** Given records follows **
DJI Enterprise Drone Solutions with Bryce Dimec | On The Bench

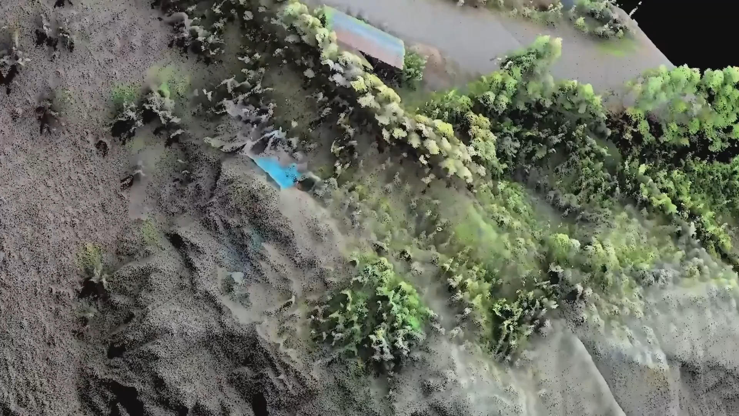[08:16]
In saying that as well, it is highly efficient.
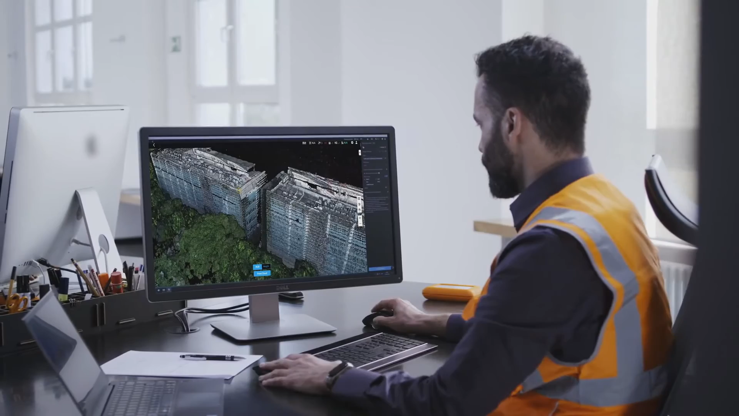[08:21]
We are able to capture up to a two-square-kilometer area in a single flight with accuracies in the vertical of five centimeters and the horizontal of 10 centimeters.
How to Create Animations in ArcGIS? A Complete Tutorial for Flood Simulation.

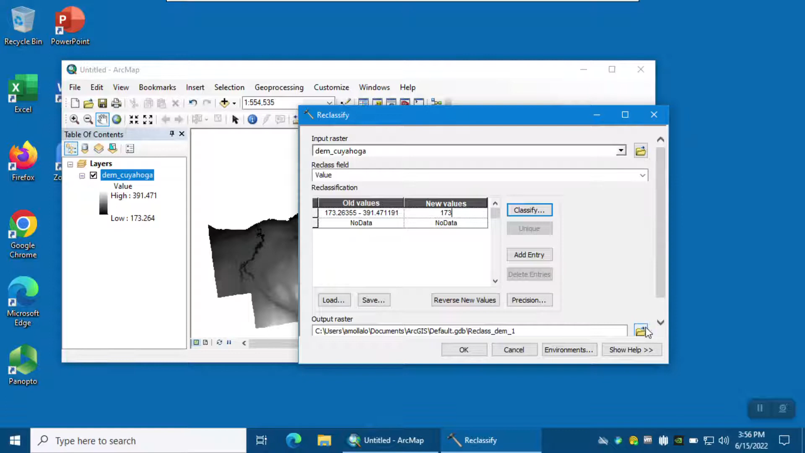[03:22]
And I'm going to save this as base height. Okay. And then, uh, check missing values to no data and then okay.
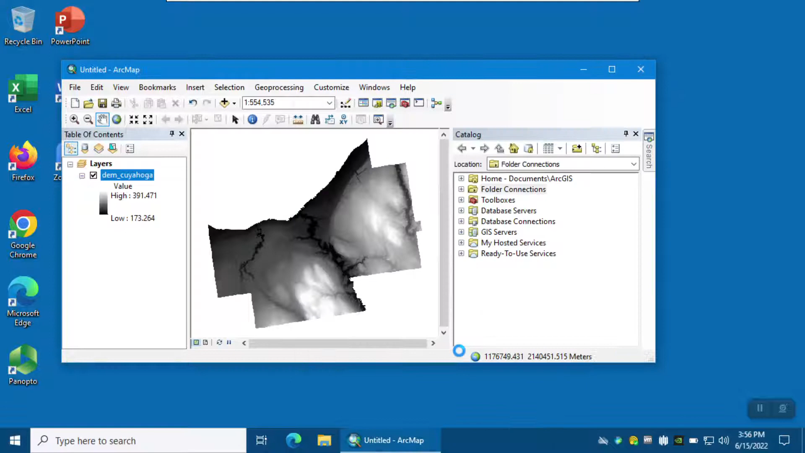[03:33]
All right. So as you can see, you got a raster. It only has one value, a 173.
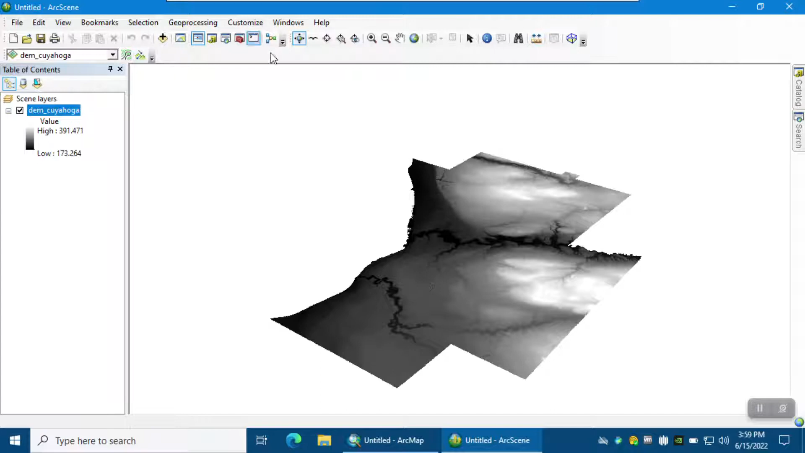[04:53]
So if you use this navigation navigate button, you can see that it's a, so it's a flat layer. We have to make it 3d. Okay.
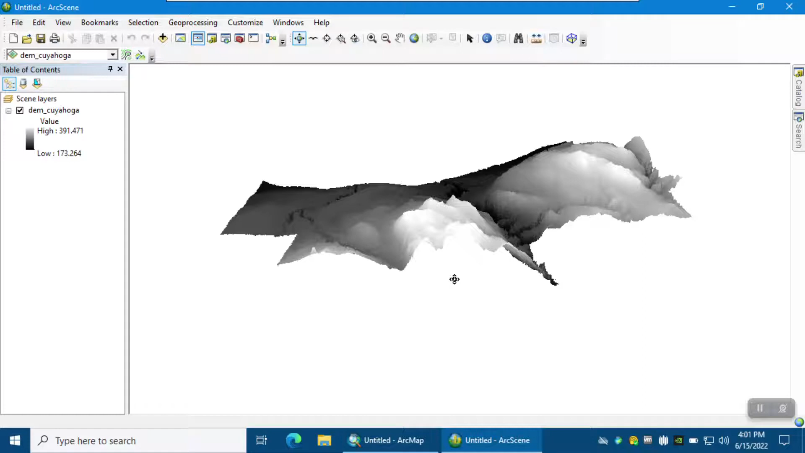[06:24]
You can see valleys, depressions, you can see rivers, uh, in the study area. You can also change the symbology, for example, from, uh,
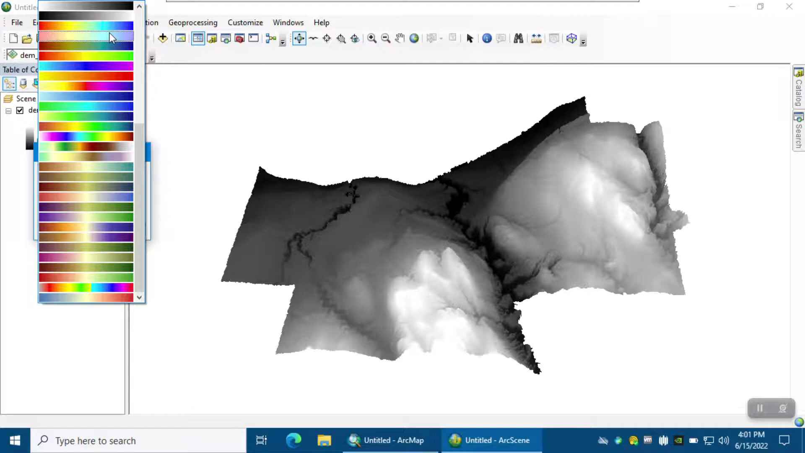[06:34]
this one, for example, from a red to blue.
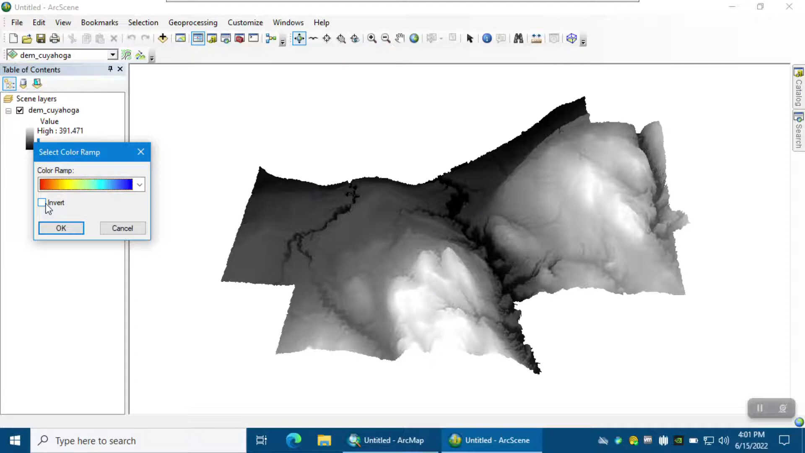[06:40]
And then if I invert it, because I want to have the red as the highest value. So if I check invert and then, okay. So red value shows the high elevation. Uh, and blue value shows low elevation. You can zoom in and they can better see the variations of the height. Okay. Uh, in the study in this region. So, uh, and if you, for example, select identify button and then click on that, it shows you the pixel value shows the elevation. Okay.
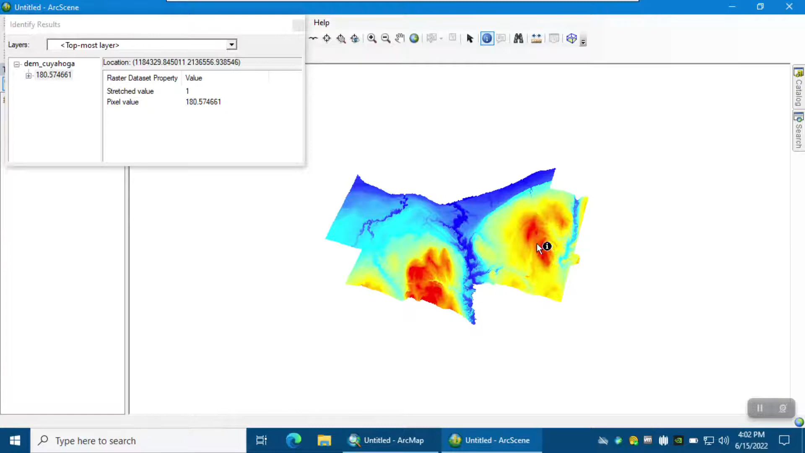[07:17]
So each, uh, value of the pixel shows elevation. For example, in this area, we have elevation 180, but for example, in this area, the elevation is 360. So the darker, so the darker, uh, red values shows higher, uh, elevation and the darker blue shows, uh, low land areas.
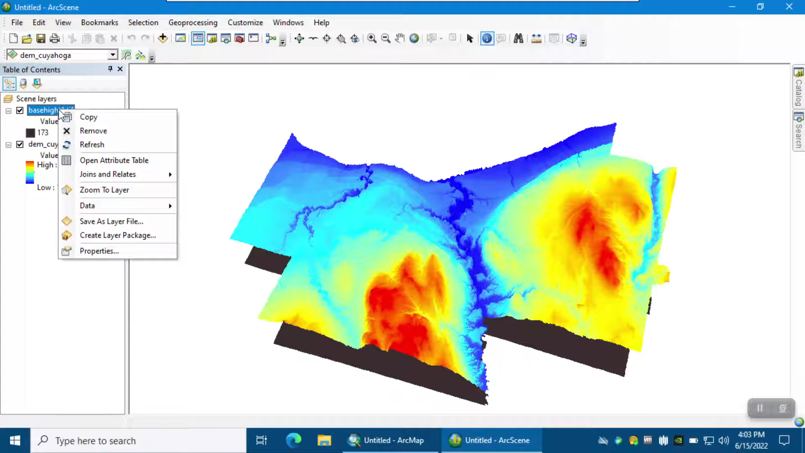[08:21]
So right click on the space height properties, go to the base heights. And then again, how we can get the elevation information elevation is going to be 173 meters, right?
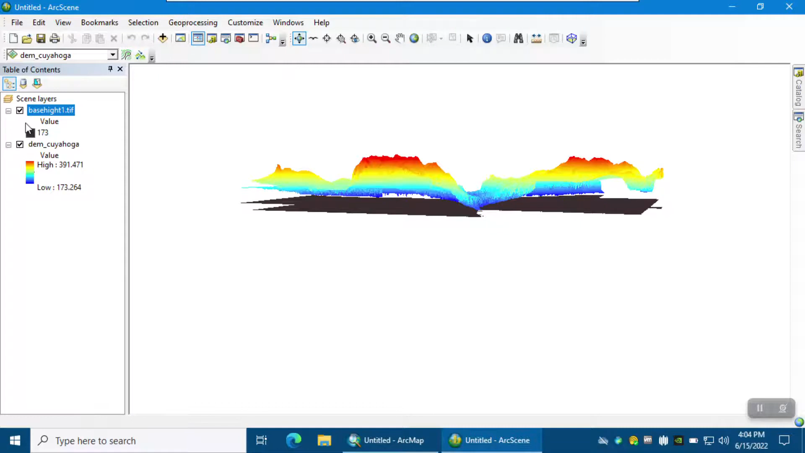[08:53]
So, uh, let me change the color of base height. Uh, I'm going to use bright blue. Uh, so for, for example, water body.
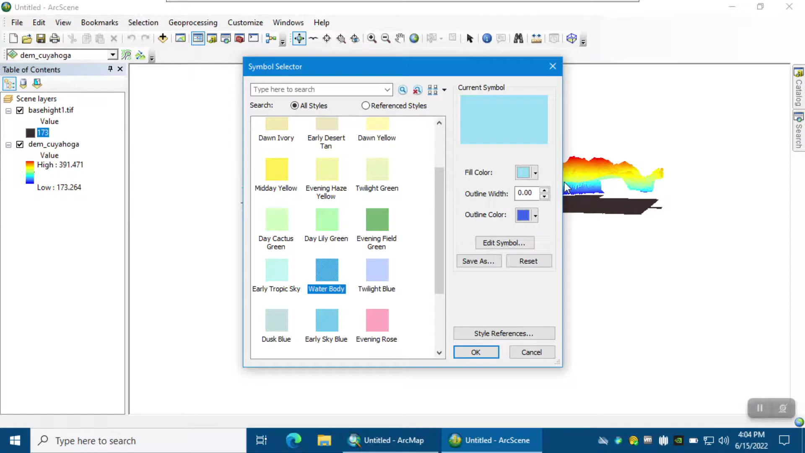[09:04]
So this one is okay because this one is not dark blue. This one is for flat. Okay. All right. So this is our base height and this is our study and this is our digital elevation model.
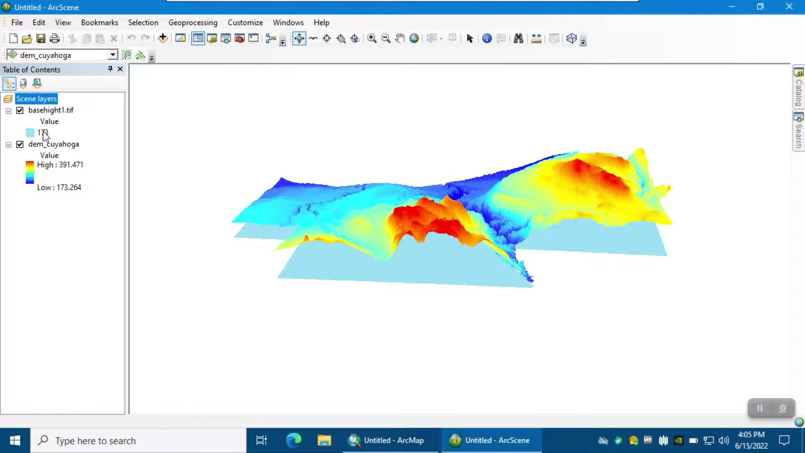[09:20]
Bright blue will serve as the flood. Okay. So we're going to change the elevation. So we're going to, uh, change the elevation for this base height from 173 and gradually increase the elevation to represent the flood. Okay. So now that we have both layers in 3d, we can simulate flood. So if you right click on this gray area and then select animation,
** End of Given records **
__Task statement__
Transcribe every record above exactly as written, leaving out any pictures.

__Completed task__
DJI Enterprise Drone Solutions with Bryce Dimec | On The Bench

[08:16]
In saying that as well, it is highly efficient.
[08:21]
We are able to capture up to a two-square-kilometer area in a single flight with accuracies in the vertical of five centimeters and the horizontal of 10 centimeters.
How to Create Animations in ArcGIS? A Complete Tutorial for Flood Simulation.

[03:22]
And I'm going to save this as base height. Okay. And then, uh, check missing values to no data and then okay.
[03:33]
All right. So as you can see, you got a raster. It only has one value, a 173.
[04:53]
So if you use this navigation navigate button, you can see that it's a, so it's a flat layer. We have to make it 3d. Okay.
[06:24]
You can see valleys, depressions, you can see rivers, uh, in the study area. You can also change the symbology, for example, from, uh,
[06:34]
this one, for example, from a red to blue.
[06:40]
And then if I invert it, because I want to have the red as the highest value. So if I check invert and then, okay. So red value shows the high elevation. Uh, and blue value shows low elevation. You can zoom in and they can better see the variations of the height. Okay. Uh, in the study in this region. So, uh, and if you, for example, select identify button and then click on that, it shows you the pixel value shows the elevation. Okay.
[07:17]
So each, uh, value of the pixel shows elevation. For example, in this area, we have elevation 180, but for example, in this area, the elevation is 360. So the darker, so the darker, uh, red values shows higher, uh, elevation and the darker blue shows, uh, low land areas.
[08:21]
So right click on the space height properties, go to the base heights. And then again, how we can get the elevation information elevation is going to be 173 meters, right?
[08:53]
So, uh, let me change the color of base height. Uh, I'm going to use bright blue. Uh, so for, for example, water body.
[09:04]
So this one is okay because this one is not dark blue. This one is for flat. Okay. All right. So this is our base height and this is our study and this is our digital elevation model.
[09:20]
Bright blue will serve as the flood. Okay. So we're going to change the elevation. So we're going to, uh, change the elevation for this base height from 173 and gradually increase the elevation to represent the flood. Okay. So now that we have both layers in 3d, we can simulate flood. So if you right click on this gray area and then select animation,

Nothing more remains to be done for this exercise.